Entrevista: Max Valarezo (Entre Planos)

Max Valarezo

por Murilo Nogueira dos Anjos e Wanderley Teixeira*

Com mais de 249 mil inscritos em seu canal no YouTube, Max Valarezo acabou se tornando referência na produção de críticas de cinema no Brasil com a produção de vídeos ensaio. Criado em 2015, o Entre Planos já tem  mais de 11 milhões de visualizações. Na entrevista realizada pelo grupo de pesquisa, Valarezo faz um panorama do cenário atual da crítica de cinema e reflete sobre o seu processo de criação em um formato de conteúdo que tem começado a se popularizar no Brasil.

Grim: Em meio a essa proliferação de discursos sobre cinema que existe na era digital, é uma dificuldade ser notado como crítico hoje em dia? O que é que dá “singularidade” e garante a popularidade do conteúdo do Entre Planos na sua opinião?

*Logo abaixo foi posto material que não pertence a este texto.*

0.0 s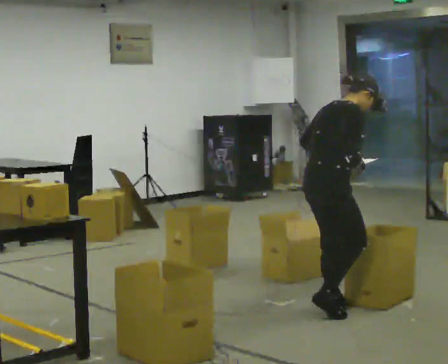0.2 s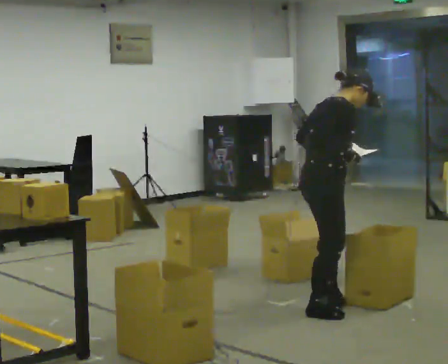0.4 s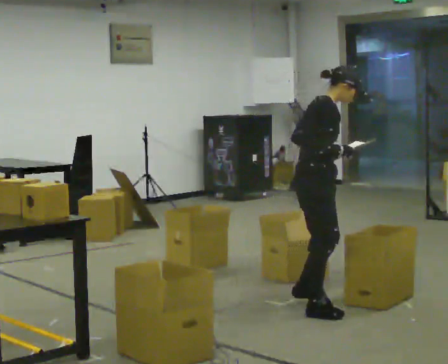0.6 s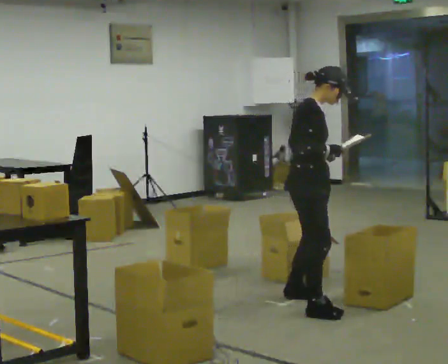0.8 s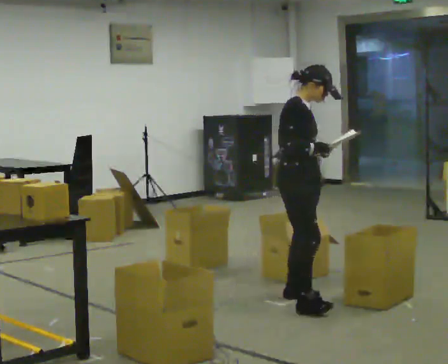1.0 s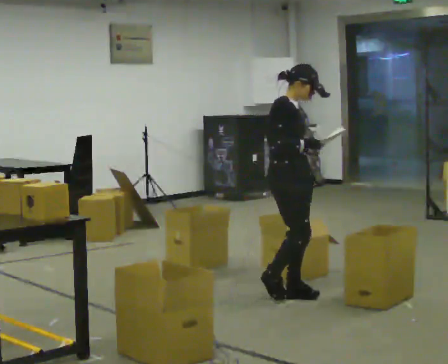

Max Valarezo: Acredito que seja sim difícil ser notado como crítico numa era em que milhões de pessoas podem postar suas opiniões sobre filmes na internet com tanta facilidade (um cenário que acho fantástico, a propósito). Mas em meio a tantas opiniões, não é fácil se destacar quando se começa do zero.

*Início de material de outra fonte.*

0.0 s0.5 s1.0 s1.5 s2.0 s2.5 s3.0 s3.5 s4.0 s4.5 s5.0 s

No meu caso, acredito que o EntrePlanos conseguiu se destacar por dois fatores principais. O primeiro é o formato: quando comecei a fazer vídeos-ensaios, não havia nenhum canal brasileiro grande que falasse sobre cinema com esse formato (embora desconfio que canais pequenos que eu não conheço devam ter feito isso antes de mim). E o segundo fator é a minha abordagem das pautas. Enquanto o “padrão” de canais de cinema era fazer ou listas ou críticas das estreias da semana, eu procurei fazer algo diferente. Quis fazer textos longos, aprofundados e com muita pesquisa. Comecei a falar de filmes de qualquer época e gênero. Fiz não apenas análises e interpretações, como também vídeos inteiramente dedicados à história do cinema ou a certas técnicas cinematográficas. Ou seja, meu conteúdo deixava claro que eu estudo muito para falar de cinema, ele mostrava que eu estava tentando dizer coisas diferentes e produzir algo que somente eu conseguiria produzir.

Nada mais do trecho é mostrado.